ASSIGNMENT:
Your answer must be an exact transcription of the data, with every picture omitted.

DATASET EXTRACT:

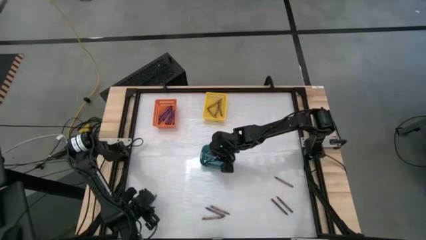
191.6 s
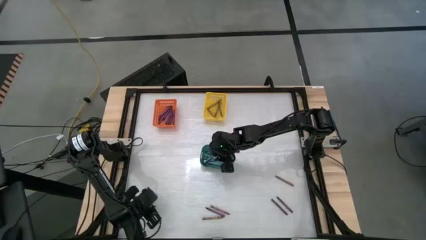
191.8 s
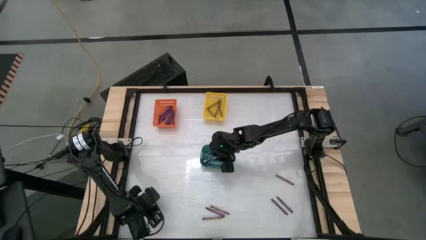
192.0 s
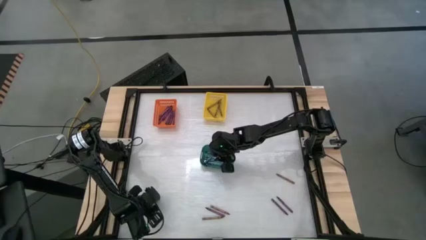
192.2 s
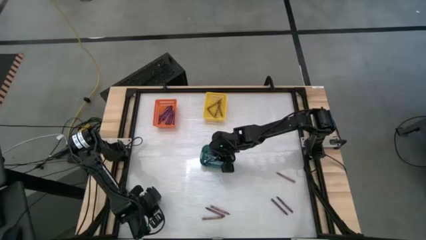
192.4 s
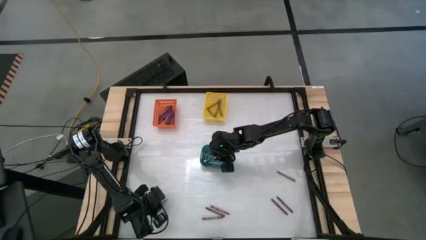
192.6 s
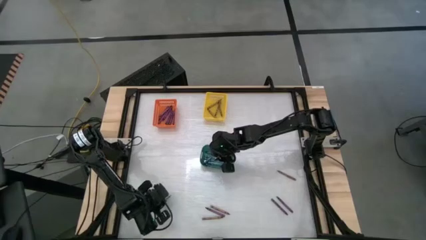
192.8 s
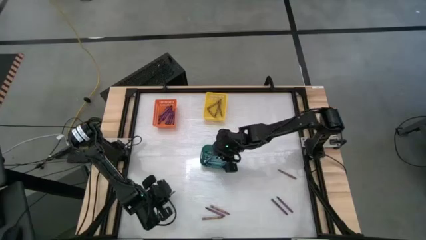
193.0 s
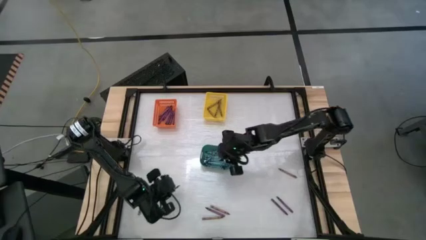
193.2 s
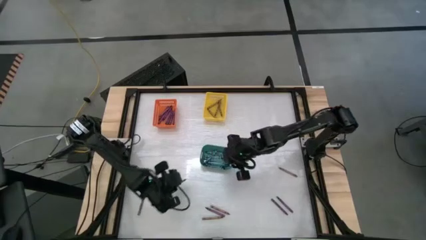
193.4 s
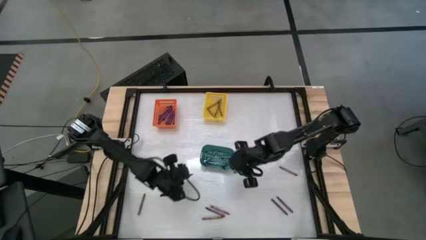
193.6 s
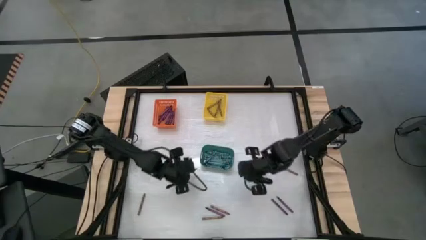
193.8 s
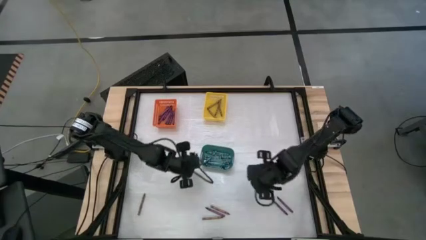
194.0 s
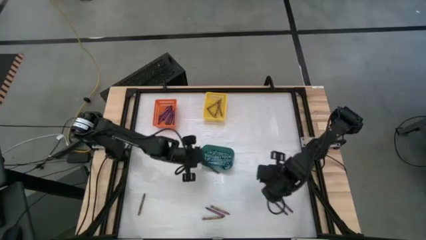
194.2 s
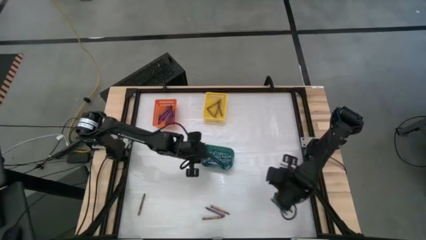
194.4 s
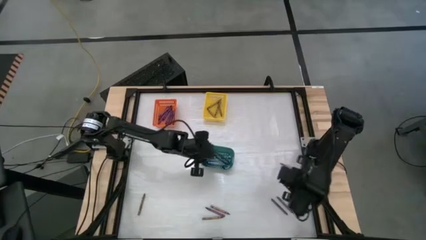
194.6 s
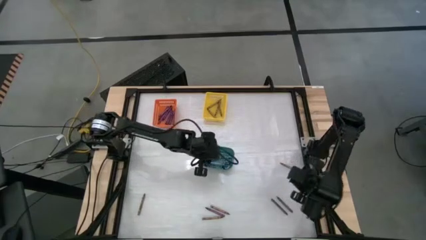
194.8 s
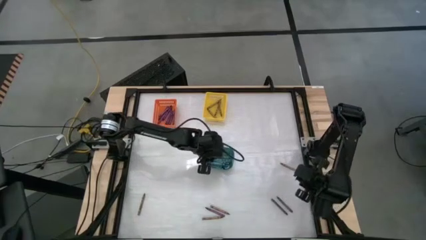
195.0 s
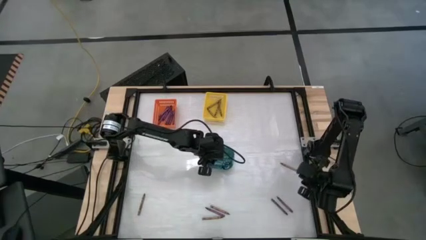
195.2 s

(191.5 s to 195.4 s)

EXERCISE OUTPUT:
191.6 s
191.8 s
192.0 s
192.2 s
192.4 s
192.6 s
192.8 s
193.0 s
193.2 s
193.4 s
193.6 s
193.8 s
194.0 s
194.2 s
194.4 s
194.6 s
194.8 s
195.0 s
195.2 s

(191.5 s to 195.4 s)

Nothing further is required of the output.